The man in the corner of the railway compartment is reading Great Expectations. A good book to read the night before the mega concorso, billed by the media as “the exam of the millennium”. It is also the last time Italians will be able to get a job as a teacher without any training.

Anyone with a degree, like our Dickens reader, can sit the concorso, a public exam, and hope for the best: a job for life as a state teacher. But a change in legislation means that after the exams for each subject finish this Easter, there will be only one way into the profession - through postgraduate courses lasting two years. Since the courses are likely to be expensive, it’s no small wonder that everyone prefers the short, sharp alternative of an exam. To sit the exam costs a mere 60,000 lire (pound;20), a bargain compared with two years at university. But the chances of getting through are not great. With 1.3 million candidates for 20,000 posts, our Dickens reader’s expectations stand a 1 in 65 chance.

Exams like this used to be held almost every year in Italy, but falling rolls and cutbacks in the lean 1990s brought teacher recruitment to a halt, and the entrance exams were suspended. The average age in staffrooms began to creep up and a generation of potential teachers was left out in the cold.

Everyone in the compartment - everyone on the train, it seems - is headed for the same place: Verona, the exam centre for prospective secondary English teachers. The reading matter, varied though it is, gives the game away: English Grammar Made Simple, A History of English Literature by Anthony Burgess, a slim volume entitled Guida al concorso on how to pass the exam. Silently we troop out into the Verona night, each to their own bolthole - a pensione, a friend’s flat, a convent. The exam starts tomorrow morning at eight.

Just about every school in the town has been requisitioned for the exam. At mine, the Liceo Galileo Galilei on the outskirts of Verona, there must be 500 of us waiting for the gates to open, including a conspicuous cohort of pregnant women and mothers with young children.

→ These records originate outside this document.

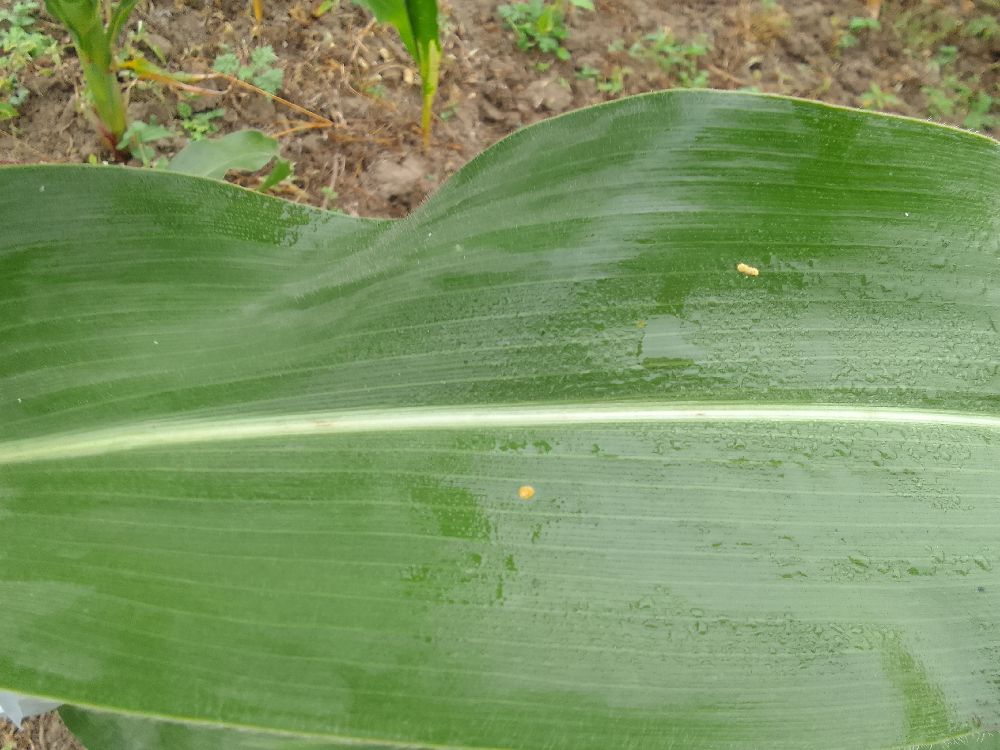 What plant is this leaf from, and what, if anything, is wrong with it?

maize, healthy
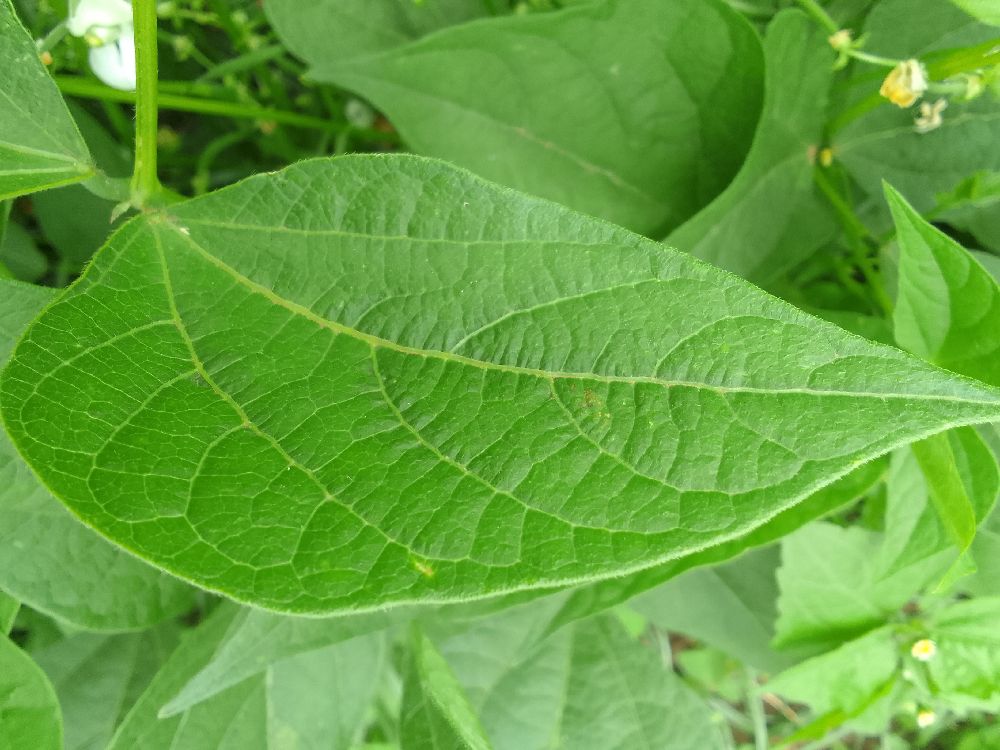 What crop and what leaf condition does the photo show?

common bean, healthy
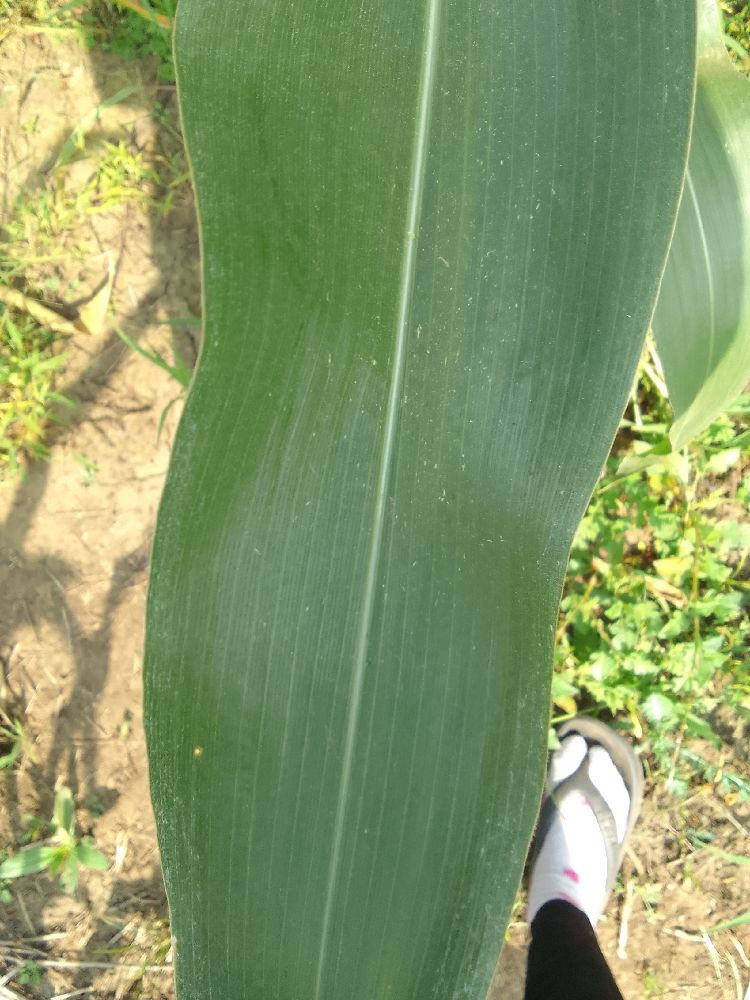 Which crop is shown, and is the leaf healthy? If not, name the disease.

maize, healthy
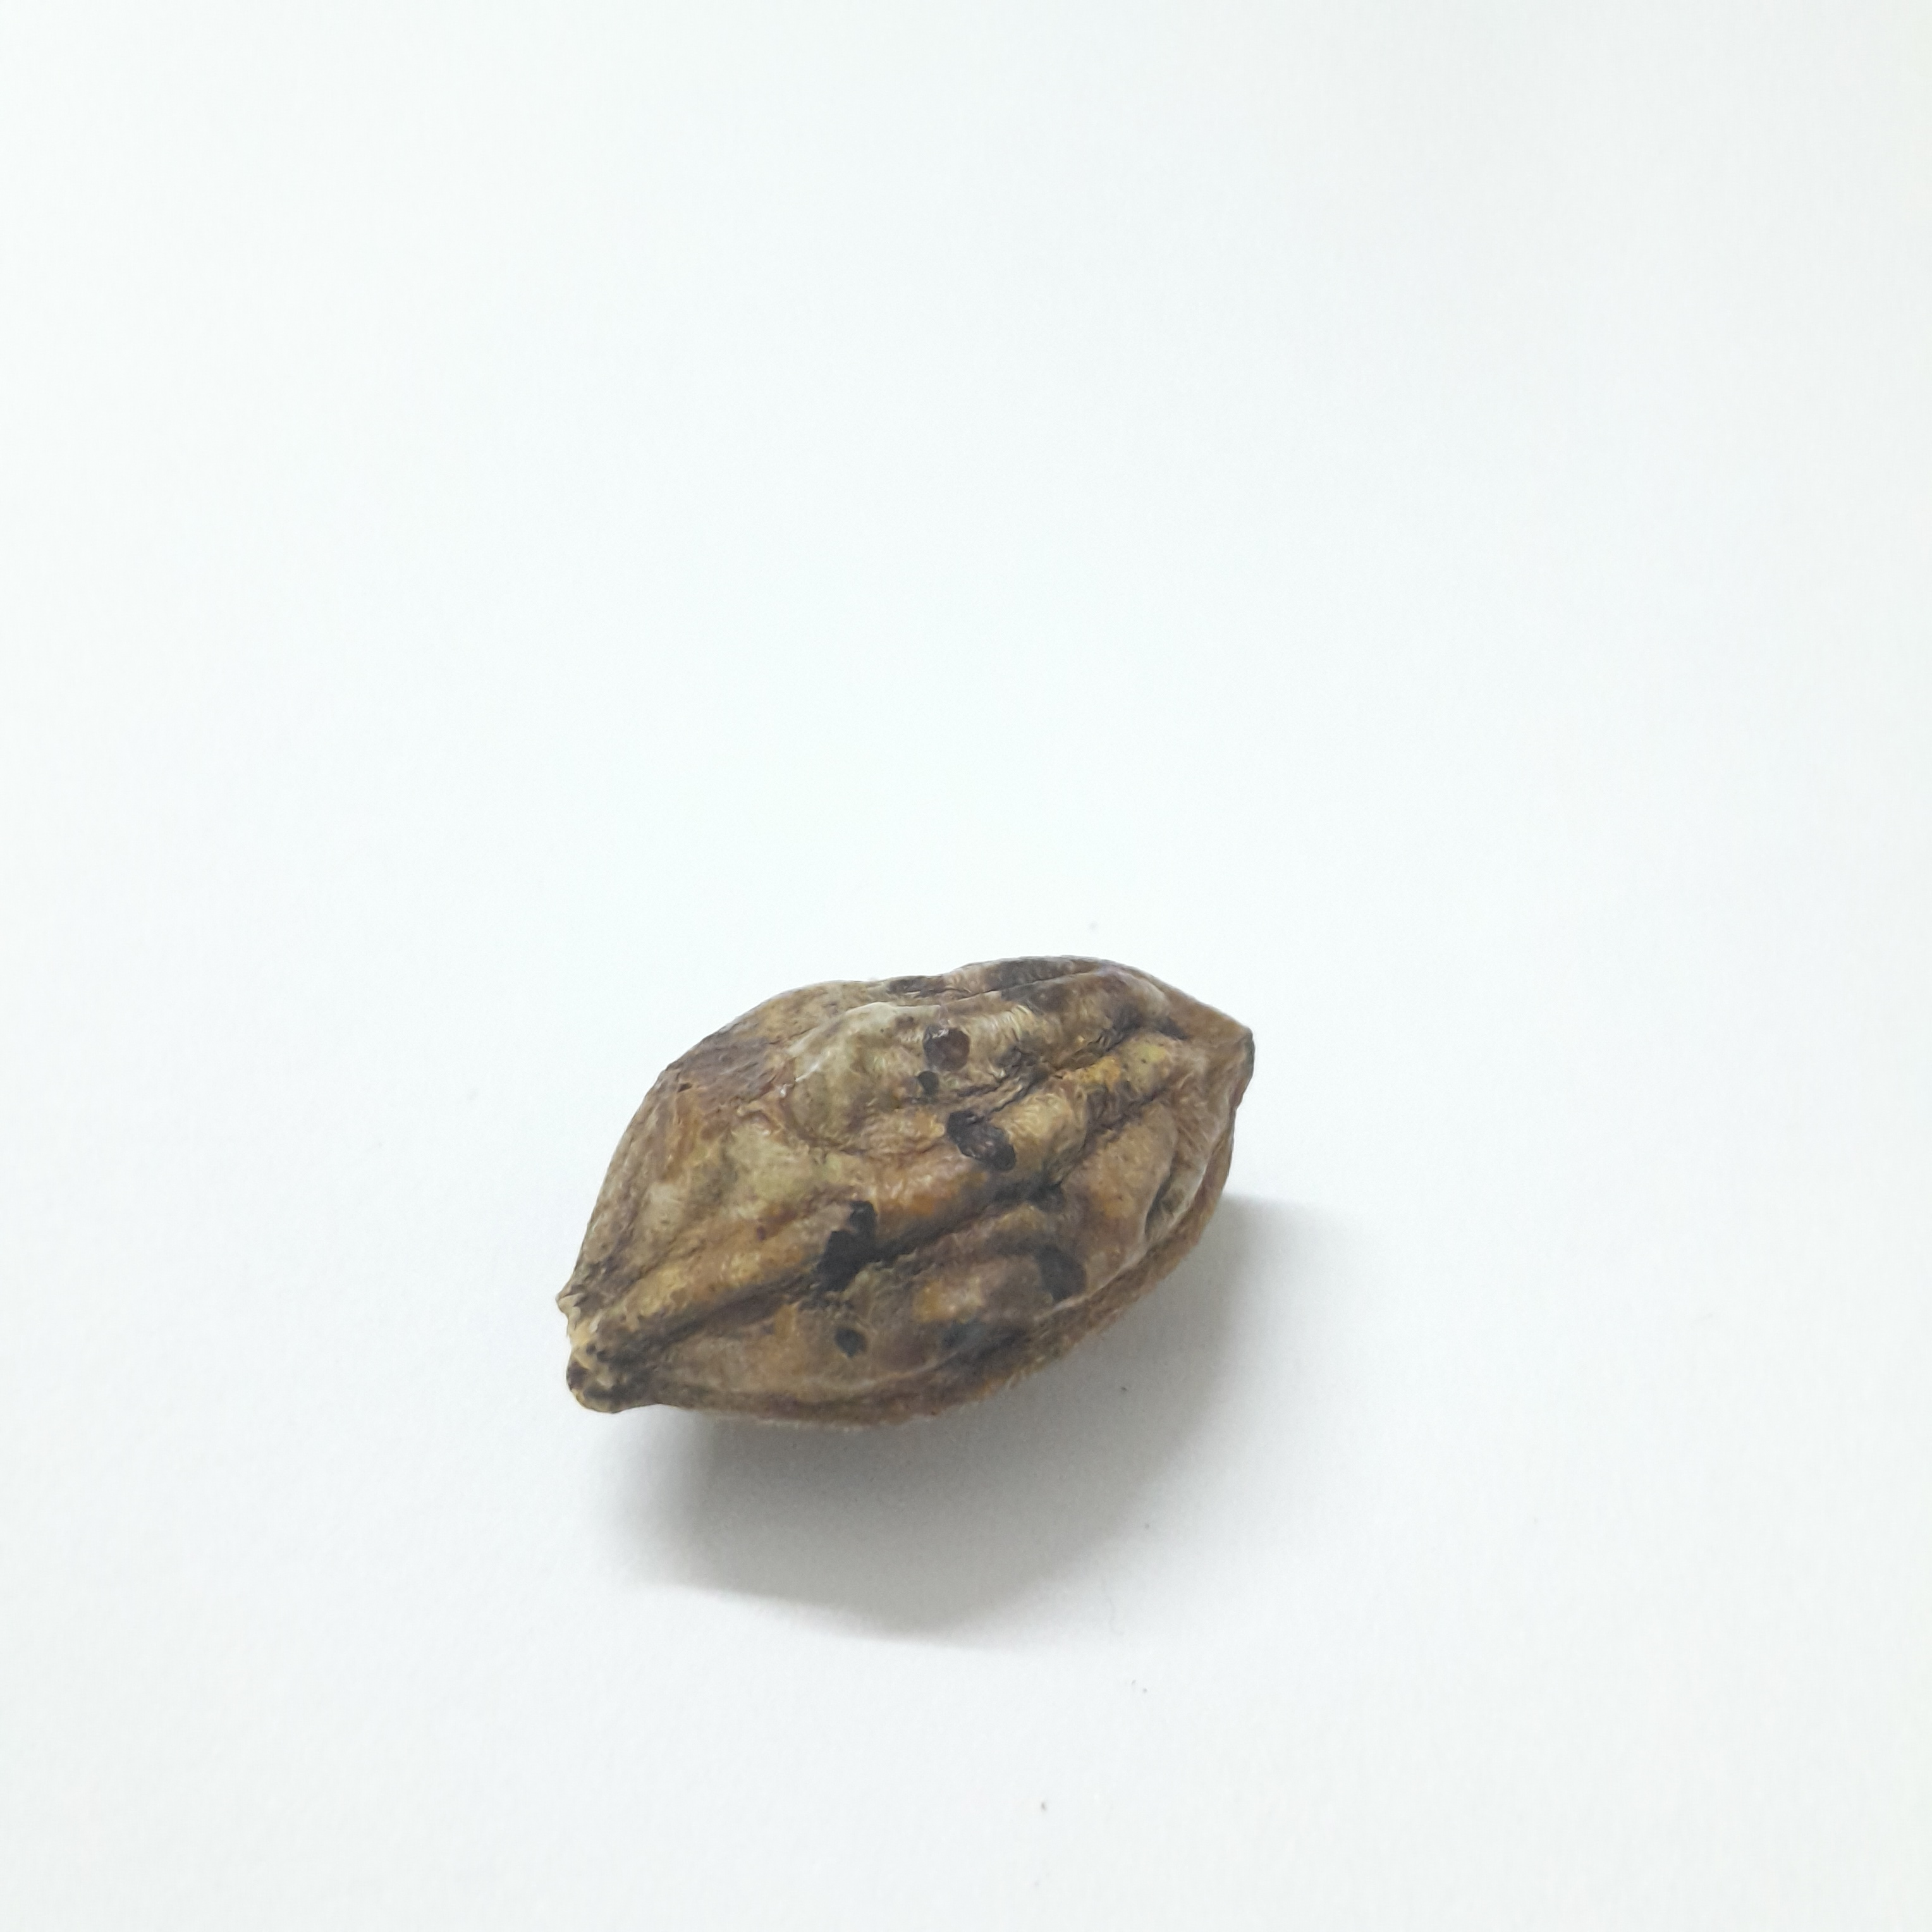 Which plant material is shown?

The exam is to last eight hours and begins with the invigilator reading out a long list of rules. Windows must be closed, but the door must remain open. No one to go to the toilet for two hours. A pregnant woman in her eighth month asks if she can go earlier if necessary. Yes, if she has a certificate to say that she is pregnant. No one to leave the building for the first four hours. No identifying marks to be made on exam papers, which will be sealed in envelopes at the end. All bags to be taken to the front of the room. At this point about half the candidates pick up their bags and dump them near the invigilator; the rest stuff them under their seats out of view.

The security measures don’t always work. A week ago, in nearby Padua, the police were called into a concorso after a woman was found wired up to a minute radio transmitter; her sister was dictating the answers from home.

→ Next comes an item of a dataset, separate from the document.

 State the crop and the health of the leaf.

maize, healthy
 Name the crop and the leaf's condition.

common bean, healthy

The tension drops slightly when the school barman arrives to take orders for lunch. He has a pencil and notepad and ticks off our requests for panini (sandwiches). Salami? Mozzarella and pomodoro? Mortadella? “This is Italy,” whispers my neighbour, “and the barman has to make a living.”

Each candidate is given four double sheets of ruled paper. “Are we to wrie on alternate lines?” asks someone from the back of the room. “You should know the answer to that one by now,” the invigilator replies cryptically, leaving your correspondent none the wiser.

All that is missing now is the exam paper itself. It finally arrives, about an hour later, “from Rome”, says our invigilator. An extract from E M Forster’s A Passage to India to be analysed, with eight questions in quirky English, and an essay to write on “Britain’s relationships with the English-speaking peoples from the British (sic) Commonwealth of Nations”. Furious writing begins.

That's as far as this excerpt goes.